The period of the Cuban Missile Crisis has proved one which filmmakers and other creative types have returned to time and again, but with Ginger & Rosa writer and director Sally Potter was taking a more British view of the event and how it affected the lives of the most impressionable citizens who in this case would be the teenagers she concentrated on here, with the two girls becoming wrapped up in the Campaign for Nuclear Disarmament. Though the effect of this consciousness-raising has very different effects on them both, finally driving them apart as they took alternative paths; that said, they were still linked very strongly, just not in the manner they would have been most happy with.

Certainly poor Ginger, who carries the weight of the world on her shoulders, is unhappy with the way things develop, in a performance from Elle Fanning which became the heart of the piece, and just about saved it from a rather uneasy conservatism which was surprising coming from this director. Fanning managed a very creditable English accent, and if she was called upon to spend increasing amounts of her scenes in tears then at least that suited the unravelling mental state of Ginger, though her hectoring qualities were rather less easy to take. Before long her obsession with the end of the world in nuclear armageddon grows wearing, especially as it appears to be the sole lens she can see her environment through.

That said, Potter made sure that we could well understand Ginger's anxieties and see that she really needed someone to offer her a sense of perspective which was lacking in those around her: if anything, they inadvertently encourage the girl in her worries.
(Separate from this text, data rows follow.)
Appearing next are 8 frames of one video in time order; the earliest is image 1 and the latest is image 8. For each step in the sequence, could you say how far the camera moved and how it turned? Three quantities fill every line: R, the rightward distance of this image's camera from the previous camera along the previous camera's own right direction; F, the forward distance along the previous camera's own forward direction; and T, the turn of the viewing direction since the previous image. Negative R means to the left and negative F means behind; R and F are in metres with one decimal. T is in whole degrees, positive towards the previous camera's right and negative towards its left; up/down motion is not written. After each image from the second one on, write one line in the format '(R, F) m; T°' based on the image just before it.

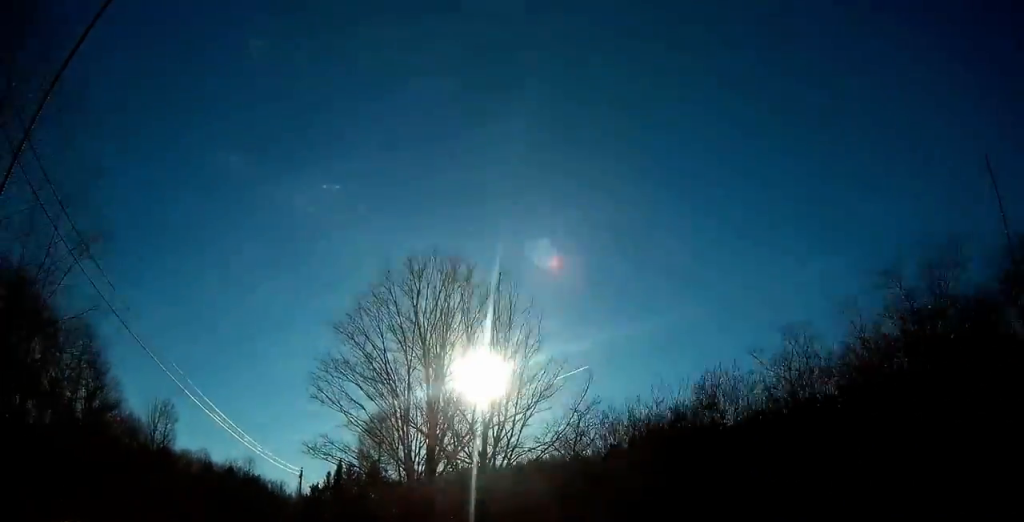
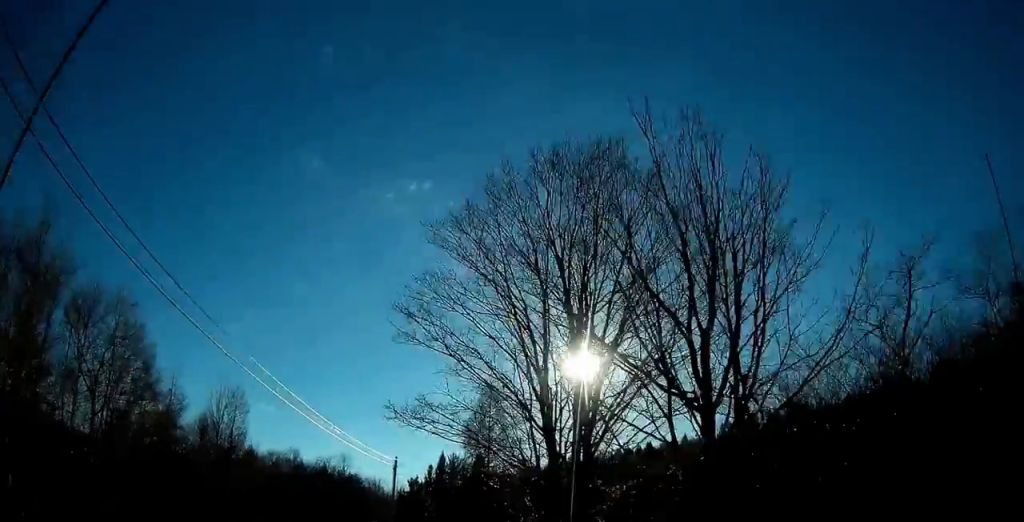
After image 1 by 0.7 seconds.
(-1.3, +8.6) m; -11°
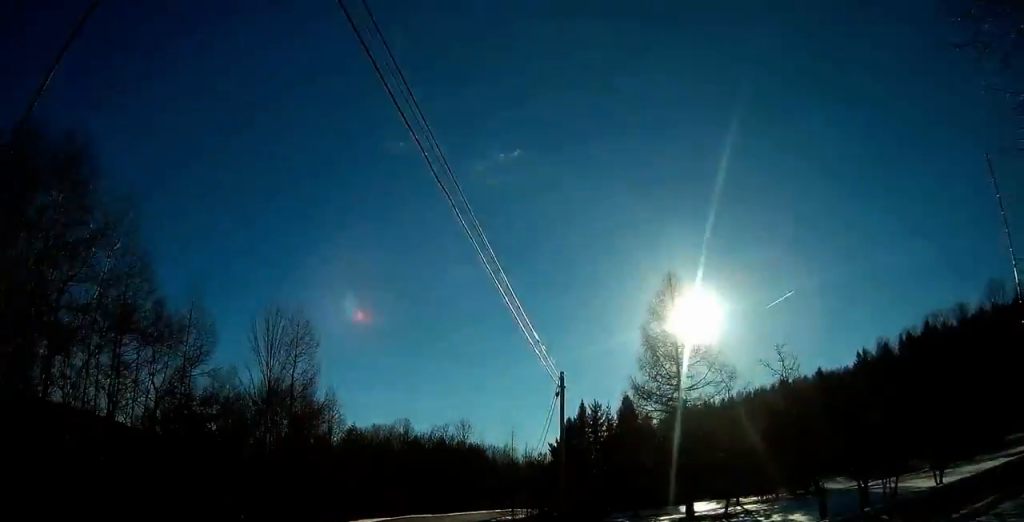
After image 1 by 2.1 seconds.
(-2.3, +18.9) m; -12°
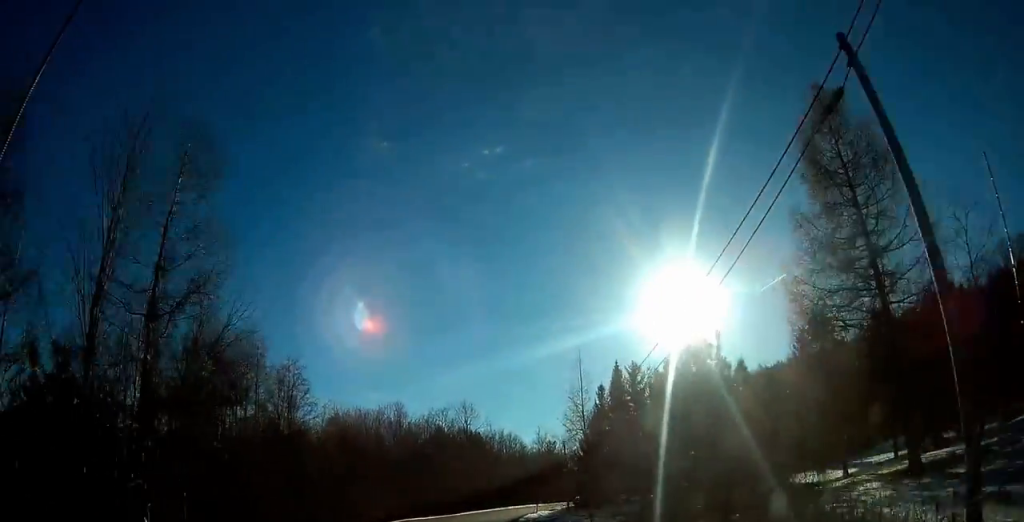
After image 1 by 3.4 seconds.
(-1.5, +19.5) m; -4°
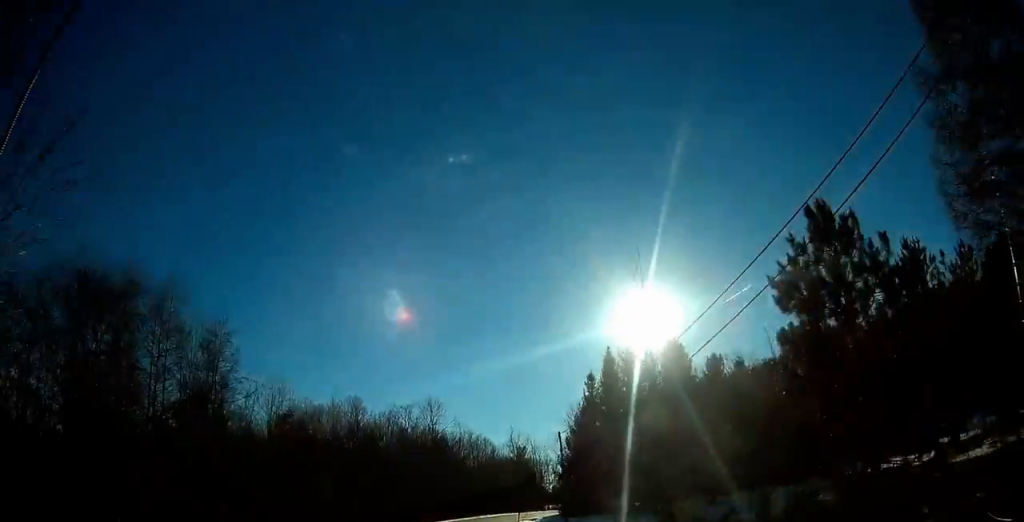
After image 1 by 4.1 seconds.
(+0.1, +11.0) m; +2°
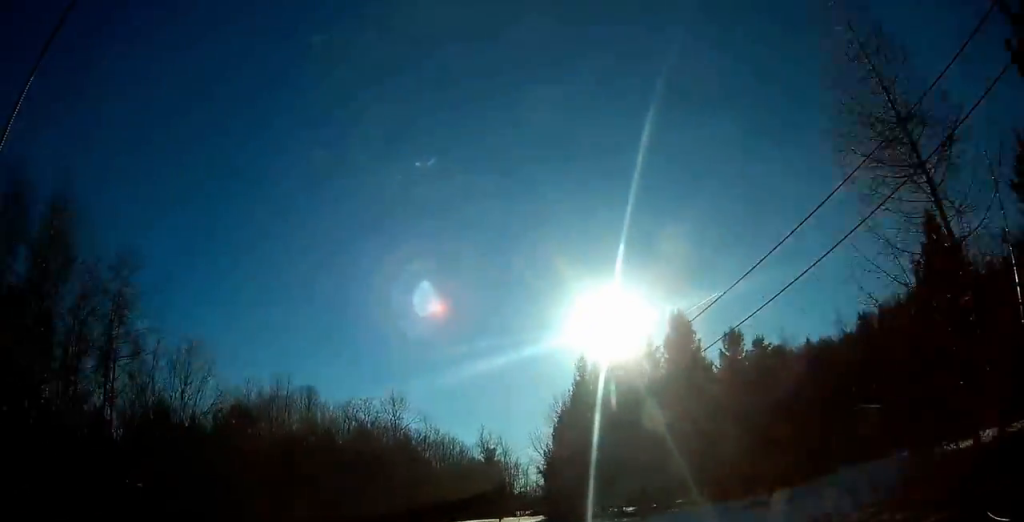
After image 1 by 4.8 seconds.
(+0.1, +10.4) m; +2°
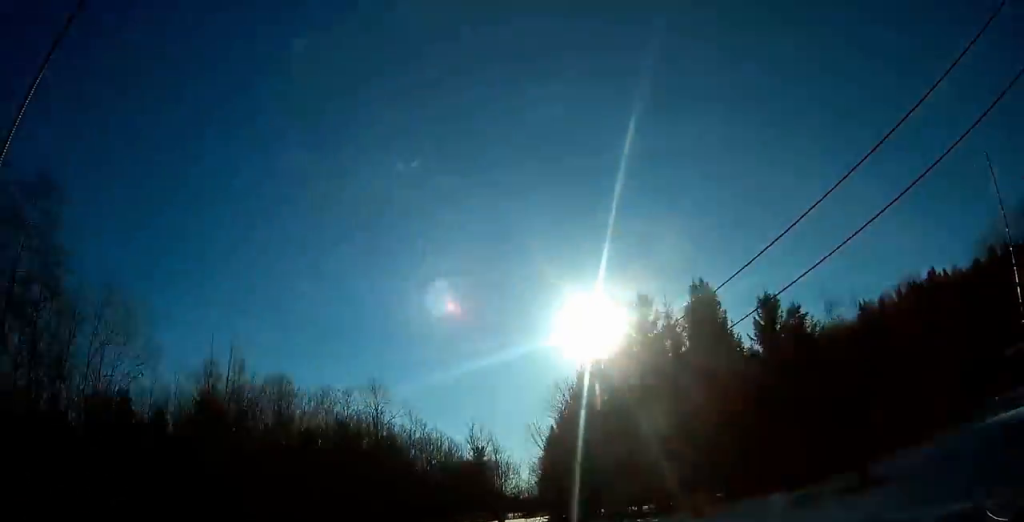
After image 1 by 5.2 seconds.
(+0.2, +8.1) m; +3°
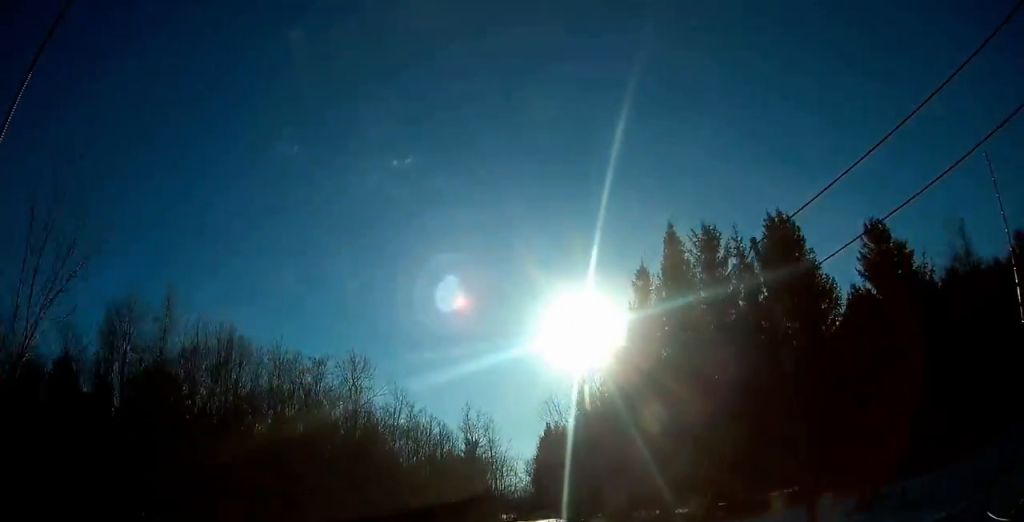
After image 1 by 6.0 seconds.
(+0.3, +13.3) m; +4°

Her relationship with her mother, who abandoned her promising painting career to bring up her daughter, grows fraught with tensions because Ginger thinks she is pushing her beloved, activist father Roland (Alessandro Nivola) away from their unstable family unit when it's actually he who is the problem, and funnily enough his character proves a problem for the overall plotline and themes of the film into the bargain.

Basically everyone who has principles here is shown up as a sham of a human being, either because those ideals make them a hypocrite in their day to day lives (as in the case of Roland) or cannot be sustained in the face of the wider community, whether that be family and friends or the global one (Ginger). Standing up for anything here leads to heartache or exposure of your essential failings, which does make for a tone which may flirt with the attractiveness of rebelling against a status quo that can bring the world to the brink of annihilation but is more caught up in showing that any noble notions of saving the population of Planet Earth are strictly for the kids who don't know any better, and they will have that youthful optimism for positive change knocked out of them soon enough. It's a dispiriting and frankly humourless take on trying to do the best when your personality flaws will always scupper such lofty standards, a very twenty-first century viewpoint on past integrities.